Astronomy, astrophysics and asteroids
9 December 2019
For Amelia Cordwell, the symbiosis between a curious mind, a thirst for learning, and exposure to research has created an enduring love and respect for physics and the scientific study of space.
AMELIA IS IN HER third year of a Bachelor of Science in Physics, and she thinks space is ‘cool’. It’s an expression she uses a lot when talking about the astrophysical research world she now occupies. An expression which seemingly belies the complexity of space and humankind’s fixation for our ‘final frontier’ throughout the ages. The study of space creates more questions than answers. And yes, it is very, very cool.
Amelia’s interest in space has been a slow burn from her teenage days in Wellington when she planned to become a software developer and occasionally attended events at the Wellington Astronomical Society (WAS).
Before Amelia passed her driver’s license, her mum would transport her, a friend, and a large telescope lent to them from the WAS, up to Mt Victoria where they would gaze at the night sky just for fun.
After a semester studying Engineering at the University of Auckland, back home in Wellington, Amelia realised she wanted to study physics to broaden her education.

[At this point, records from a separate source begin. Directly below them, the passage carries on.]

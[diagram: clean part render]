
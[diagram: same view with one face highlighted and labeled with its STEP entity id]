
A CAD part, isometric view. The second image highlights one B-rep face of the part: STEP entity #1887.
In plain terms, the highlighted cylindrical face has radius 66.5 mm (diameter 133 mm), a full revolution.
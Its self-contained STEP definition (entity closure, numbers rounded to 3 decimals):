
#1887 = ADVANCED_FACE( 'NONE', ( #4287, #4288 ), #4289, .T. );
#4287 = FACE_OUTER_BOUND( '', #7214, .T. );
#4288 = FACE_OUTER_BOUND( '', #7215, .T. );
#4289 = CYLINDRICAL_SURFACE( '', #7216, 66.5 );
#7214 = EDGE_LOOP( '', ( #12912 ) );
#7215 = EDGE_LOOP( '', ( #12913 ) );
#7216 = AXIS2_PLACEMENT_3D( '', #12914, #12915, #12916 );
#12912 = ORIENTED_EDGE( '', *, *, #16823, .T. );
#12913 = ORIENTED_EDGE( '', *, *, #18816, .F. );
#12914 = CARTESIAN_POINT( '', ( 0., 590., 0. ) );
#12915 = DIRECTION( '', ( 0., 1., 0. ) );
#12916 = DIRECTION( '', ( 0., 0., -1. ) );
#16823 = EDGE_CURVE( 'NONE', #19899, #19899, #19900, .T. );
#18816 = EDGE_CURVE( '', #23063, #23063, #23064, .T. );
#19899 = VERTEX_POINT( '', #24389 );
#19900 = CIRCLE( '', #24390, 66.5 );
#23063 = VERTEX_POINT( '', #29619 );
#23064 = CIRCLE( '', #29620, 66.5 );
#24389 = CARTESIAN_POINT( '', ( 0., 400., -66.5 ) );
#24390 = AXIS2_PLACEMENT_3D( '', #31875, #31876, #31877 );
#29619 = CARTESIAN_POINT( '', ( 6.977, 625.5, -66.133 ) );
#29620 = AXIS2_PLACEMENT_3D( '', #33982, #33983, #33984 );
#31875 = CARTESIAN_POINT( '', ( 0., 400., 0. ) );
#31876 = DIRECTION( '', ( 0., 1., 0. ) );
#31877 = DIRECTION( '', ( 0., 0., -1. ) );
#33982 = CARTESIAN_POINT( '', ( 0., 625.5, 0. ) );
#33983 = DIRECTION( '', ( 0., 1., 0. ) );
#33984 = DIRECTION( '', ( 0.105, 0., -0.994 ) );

“I got a summer internship as a software developer and I thought this is fun, but there is so much more I want to learn,” she says. “I changed my focus to physics because it’s so expansive and you develop really interesting ways of thinking about the world. I decided to get involved in a bunch of things at uni and try out everything I can.”
Once Amelia’s focus zeroed in on physics, and having been accepted into the Science Scholars Programme at the Faculty of Science, the world of research beckoned.

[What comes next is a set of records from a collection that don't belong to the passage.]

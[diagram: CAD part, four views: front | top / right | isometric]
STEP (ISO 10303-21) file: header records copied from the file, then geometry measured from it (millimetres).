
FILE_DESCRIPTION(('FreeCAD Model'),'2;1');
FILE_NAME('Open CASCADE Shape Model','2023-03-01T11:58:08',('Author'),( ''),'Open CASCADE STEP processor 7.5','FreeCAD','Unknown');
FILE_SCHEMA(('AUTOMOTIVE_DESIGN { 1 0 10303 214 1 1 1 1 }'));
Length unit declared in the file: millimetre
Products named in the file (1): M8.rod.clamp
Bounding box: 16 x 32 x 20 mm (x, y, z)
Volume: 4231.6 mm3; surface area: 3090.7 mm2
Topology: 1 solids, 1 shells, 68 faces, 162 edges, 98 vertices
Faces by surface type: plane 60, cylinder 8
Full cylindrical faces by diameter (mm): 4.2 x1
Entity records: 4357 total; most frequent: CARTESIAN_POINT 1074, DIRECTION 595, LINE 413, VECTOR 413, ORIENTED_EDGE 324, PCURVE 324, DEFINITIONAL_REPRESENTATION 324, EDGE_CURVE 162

But it was while taking part in the Auckland Programme for Space Systems (APSS) undergraduate CubeSat competition that Amelia met Dr Nick Rattenbury, Senior Lecturer at the Department of Physics. Although not a part of the winning team, the networking opportunity provided a catalyst for pursuing ongoing opportunities in the astrophysical field.
Amelia attended the Australian National University’s research school of Astronomy and Astrophysics Winter School ten-day programme, and grabbed the chance to spend two weeks setting up and monitoring the Microlensing Observations in Astrophysics (MOA) telescope that is based at the Mt John University Observatory in Tekapo, before embarking on a Summer Research Project with Nick using data from the MOA telescope to characterise asteroids.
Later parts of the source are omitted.